Back in 2007, Bismarck and Belsasar Lepe and Sean Knapp left Google with aspirations to revolutionize in-video advertising. Ooyala didn’t quite revolutionize advertising, but it has found more than a little success in what has become a very crowded market. The company’s video player now delivers cross-device content to over 6,000 domains, reaching nearly 200 million viewers, and the company claims that one in four Americans watch Ooyala-powered video each month.
With its footprint in the states gaining traction, the company is announcing today that it is taking on a big new chunk of capital to expand its reach overseas. Ooyala’s new $35 million round — its fifth to date — is led by Telestra Applications and Ventures Group, the investment arm of Australia’s telecom giant, Telestra. Previous investors Sierra Ventures, Rembrandt Venture Partners, and CID Group also participated, along with several other strategic investors.

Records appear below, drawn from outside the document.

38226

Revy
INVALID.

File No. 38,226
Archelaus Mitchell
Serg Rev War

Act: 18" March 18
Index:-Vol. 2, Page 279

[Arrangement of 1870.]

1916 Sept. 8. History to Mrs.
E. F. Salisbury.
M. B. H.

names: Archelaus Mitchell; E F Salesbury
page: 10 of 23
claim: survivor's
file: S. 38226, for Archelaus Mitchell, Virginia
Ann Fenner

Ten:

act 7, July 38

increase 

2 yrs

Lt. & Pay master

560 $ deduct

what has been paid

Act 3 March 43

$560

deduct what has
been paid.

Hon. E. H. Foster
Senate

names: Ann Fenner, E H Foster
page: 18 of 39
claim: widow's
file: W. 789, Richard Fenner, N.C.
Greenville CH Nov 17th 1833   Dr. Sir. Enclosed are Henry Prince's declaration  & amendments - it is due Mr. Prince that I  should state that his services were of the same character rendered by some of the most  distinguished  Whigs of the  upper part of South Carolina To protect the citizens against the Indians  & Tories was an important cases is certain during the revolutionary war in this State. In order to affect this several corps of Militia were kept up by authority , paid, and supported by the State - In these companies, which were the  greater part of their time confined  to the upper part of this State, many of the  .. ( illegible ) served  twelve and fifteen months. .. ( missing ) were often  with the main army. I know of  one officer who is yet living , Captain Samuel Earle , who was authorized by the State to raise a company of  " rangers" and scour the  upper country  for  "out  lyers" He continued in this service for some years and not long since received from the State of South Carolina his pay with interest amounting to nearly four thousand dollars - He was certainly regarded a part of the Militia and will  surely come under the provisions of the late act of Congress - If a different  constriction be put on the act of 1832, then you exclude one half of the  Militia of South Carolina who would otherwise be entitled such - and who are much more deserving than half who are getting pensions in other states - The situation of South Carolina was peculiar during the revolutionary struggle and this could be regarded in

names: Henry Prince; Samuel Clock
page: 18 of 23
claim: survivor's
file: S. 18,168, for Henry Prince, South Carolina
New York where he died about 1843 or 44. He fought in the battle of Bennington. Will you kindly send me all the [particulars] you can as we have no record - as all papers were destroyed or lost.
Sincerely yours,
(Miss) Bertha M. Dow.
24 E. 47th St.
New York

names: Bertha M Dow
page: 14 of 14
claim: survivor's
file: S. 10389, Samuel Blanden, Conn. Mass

According to a statement released today, along with its investment, Telestra is also working on a commercial agreement with Ooyala that would make the telecom company “a major reseller,” deploying Ooyala’s software, analytics, and service offerings throughout Australia in attempt to transition content owners users to IP-based video delivery.
Ooyala has already begun building a network of resellers abroad, with current partners including Telfonica and Yahoo Japan, to name a few. At home, big brands and publishers like ESPN, Victoria’s Secret, Rolling Stone, Dell and North Face are using Ooyala’s technology to power video distribution and management. While ESPN was a big win at home for Ooyala, making it the video provider for a network that serves some billion-odd streams per month, for the overseas market, Telestra represents a big win.
The telecom company has presence in 15 countries, including China, and owns Australia’s biggest integrated IP and broadband networks. It’s also one of the 20 largest companies in Australia in terms of market cap. In terms of its funding, Ooyala will use its new capital to help Telestra integrate its technology, as well as to fuel further expansion outside of the U.S. with multiple service operators and TV programmers, specifically in Europe, Asia, and Latin America.
Currently, over half of Ooyala’s business comes from overseas, and have helped “quadruple” revenues since its last funding round in 2010. The new round of capital brings the startup’s total funding to just under $80 million, and sees Gary Traver, director of Telestra Media, join the company’s board of directors.